Bayesian

I was born in Tunbridge Wells where the Reverend Thomas Bayes spent much of his life. Unlike Bayes I am not a minister of the church, although I do have a religious-like fervour for all things Bayesian.

If you don’t know, Bayesian statistics is an analytical framework increasingly used in research in the social, physical and biological sciences. Specifically Bayesian statistics uses the language of probability to express our uncertainty about scientific hypotheses. A ‘hypothesis’ is an explanation about the state of the world that may be true or false; to ensure that a hypothesis is ‘scientific’ it must be testable with data. Accordingly, Bayesian statistics uses data we collect from the world to update our view on scientific hypotheses.

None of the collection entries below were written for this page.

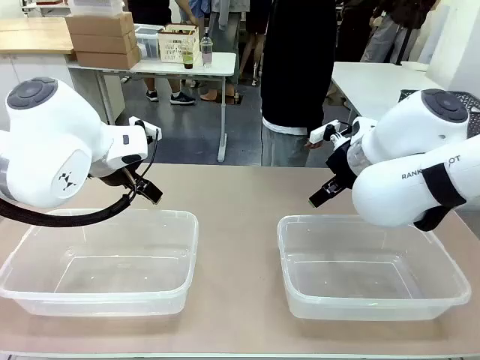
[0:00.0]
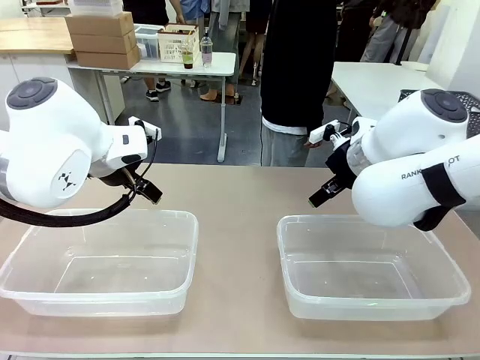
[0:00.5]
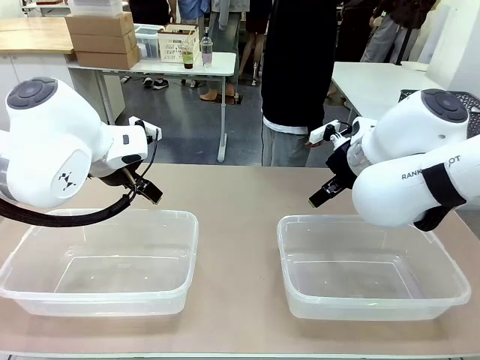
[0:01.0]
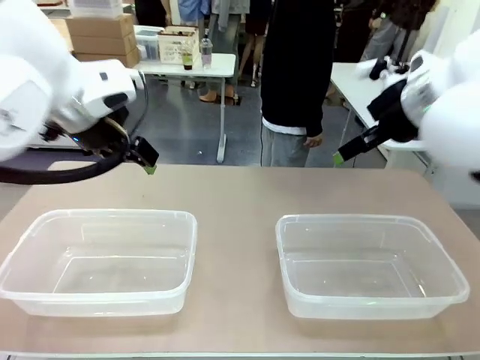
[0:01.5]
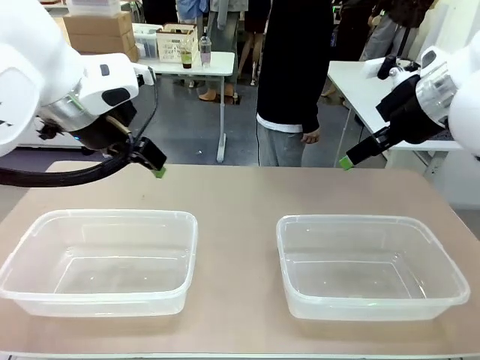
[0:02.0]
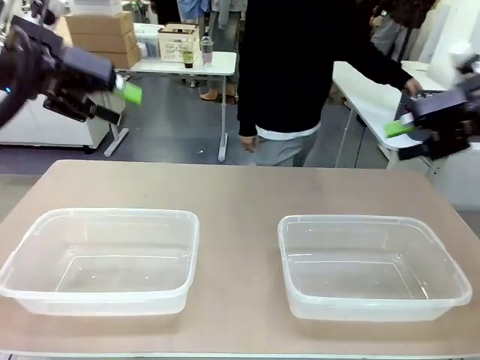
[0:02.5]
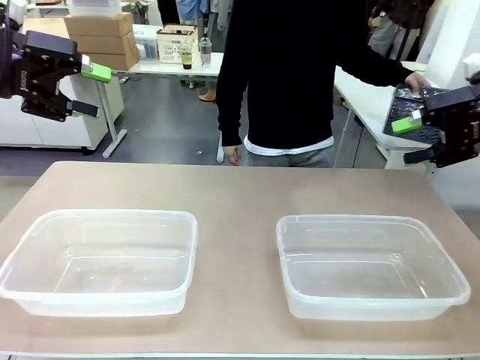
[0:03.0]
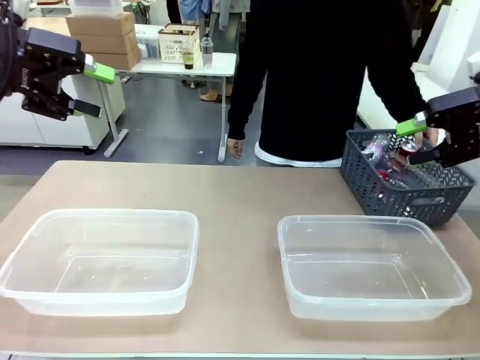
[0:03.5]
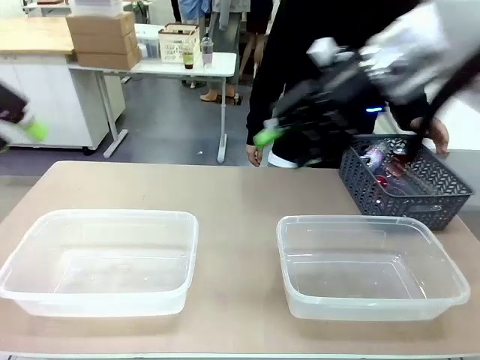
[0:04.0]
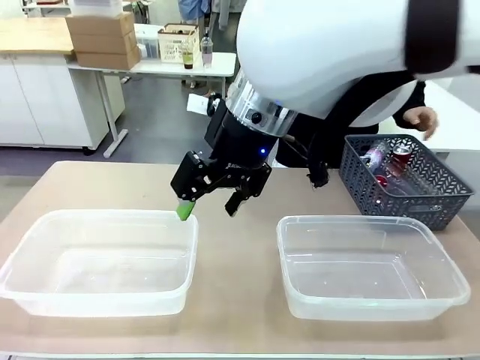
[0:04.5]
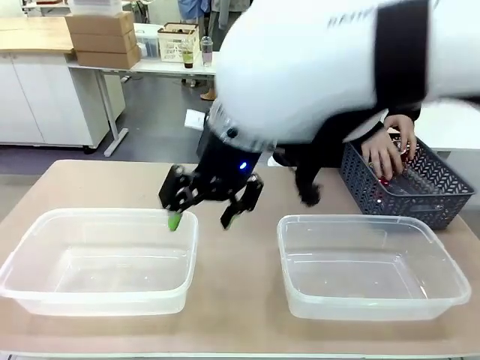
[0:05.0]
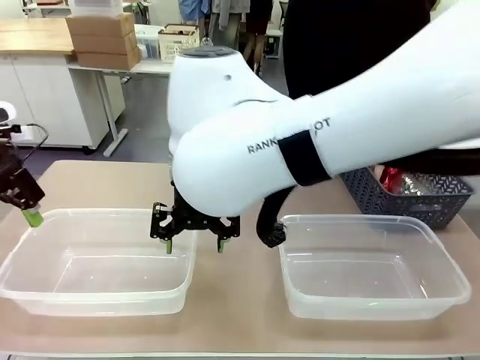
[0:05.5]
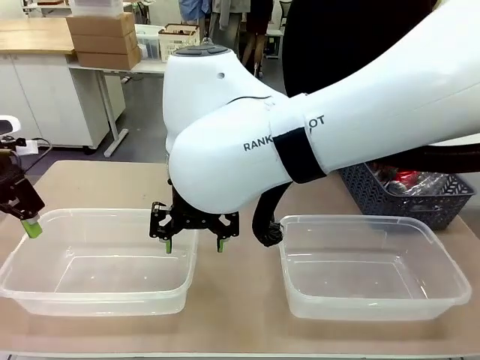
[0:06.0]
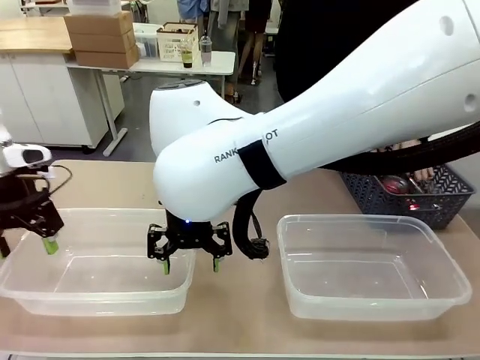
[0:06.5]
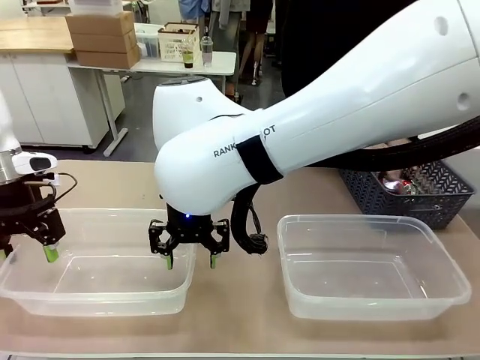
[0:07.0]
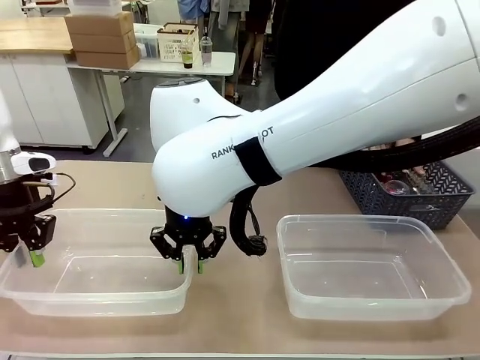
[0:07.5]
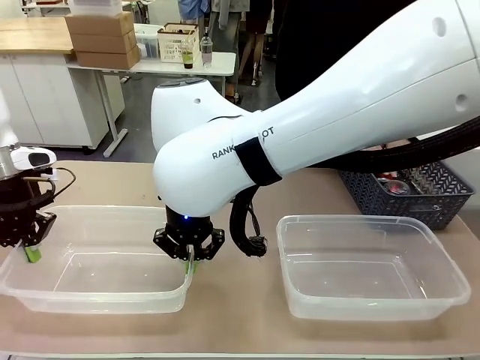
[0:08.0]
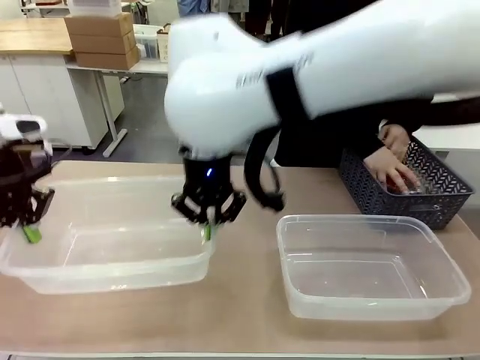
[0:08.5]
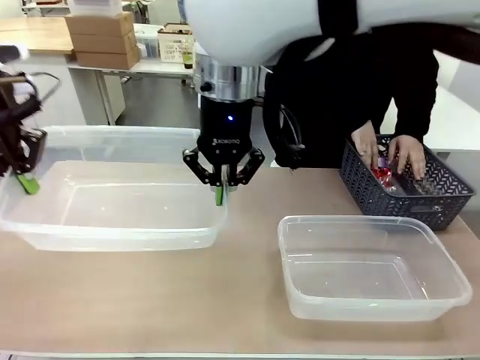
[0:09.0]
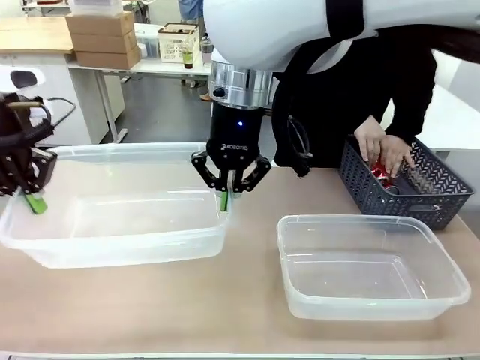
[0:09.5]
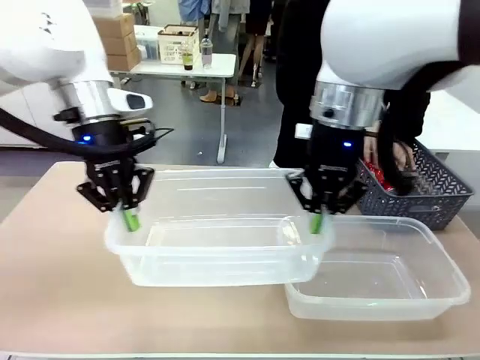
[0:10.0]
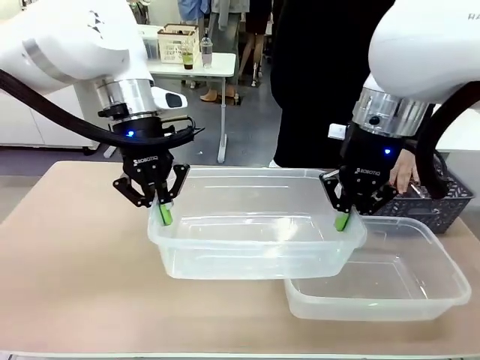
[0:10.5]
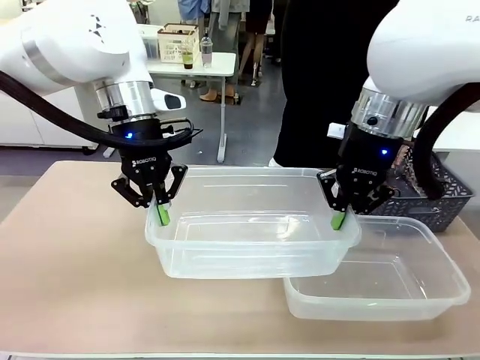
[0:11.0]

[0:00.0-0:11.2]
Robot: Pick up the Organizing box on the left side of the table and lift it.
Person: Pick up the storage basket and place it on the left side of the robot table. Pick up can-shaped waste one by one and place it into the organizing box lifted by the robot.

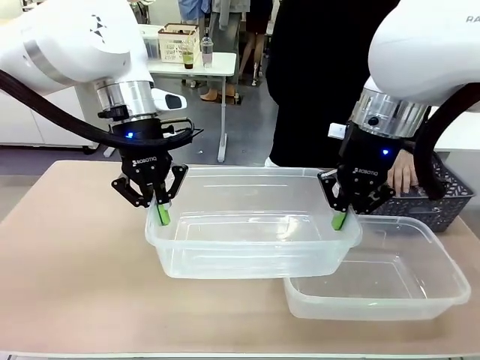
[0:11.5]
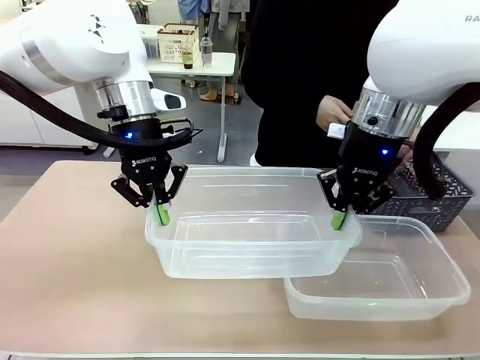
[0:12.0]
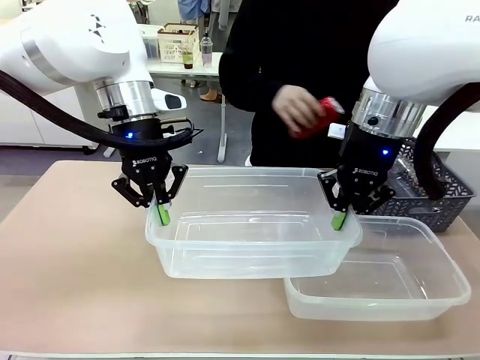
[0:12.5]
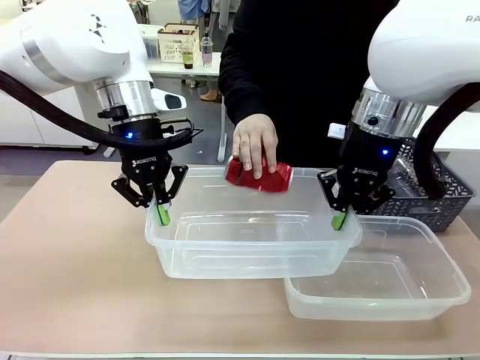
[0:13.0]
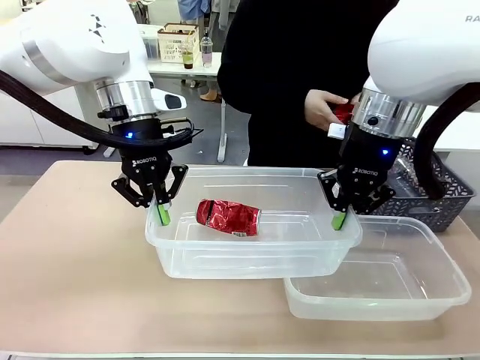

As part of my fascination with Bayesian statistics, I wrote a textbook, ‘A Student’s Guide to Bayesian Statistics’, which was published by Sage in May 2018, and is now available to order on Amazon.

In a collaboration with Michael Clerx, Martin Robinson, Sanmitra Ghosh, Chon Lei, Gary Mirams and Dave Gavaghan at the University of Oxford and the University of Nottingham, we are working to develop a robust software (called Pints) that allows efficient optimisation and sampling for difficult time series models in the physical and biological sciences. A paper is currently being written to introduce Pints and detail a number of computational experiments which we have run using this software.

I also collaborate with Simon Tavener at Colorado State University (and Dave Gavaghan, again) to develop a probabilistic framework to undertake inverse sensitivity analysis in deterministic systems. A paper is forthcoming here that introduces a sampling methodology that allows inverse sensitivity analyses to be conducted on models of significantly higher dimension than was previously possible.

I also teach a course on Bayesian statistics for PhD students the University of Oxford. The course page with information on the syllabus is here.

The distribution zoo

I created a shiny app called ‘The distribution zoo‘ that allows a user to investigate distributions. This app allows a user to:

• Dynamically change the parameters of 24 distributions, ranging from fairly simple cases (for example, normal or Poisson), up to more complex cases such as the LKJ correlation distribution, and investigate how these parameters affect the resultant distributional properties, including plots of the probability density function or probability mass function, histograms of the sampling distribution for some cases where the PDFs are hard to visualise, and cumulative distribution functions where appropriate.
• Contains dynamic code snippets in R, Python, Matlab, Mathematica and Stan, which reflect changes in the parameter values. Importantly, for each distribution and parameter set, these functions should give equivalent results across all five languages. For me, this is really useful, since different languages have different parameterisations and some (Python!) have really non-standard parameterisations, which can make translating code from one language to another tricky.
• Contains detailed and vetted formulae for each distribution giving useful properties. These formulae are also available in LaTeX form to make using them in articles, reports and so on simpler.

Because it’s been deployed to the web, you can use this app anywhere. Look at the zoo of distributions on your laptop, tablet or smartphone!

This code is fresh and so, whilst it has been tested extensively, errors may occur. If you find any, please create an issue on the Github repo here.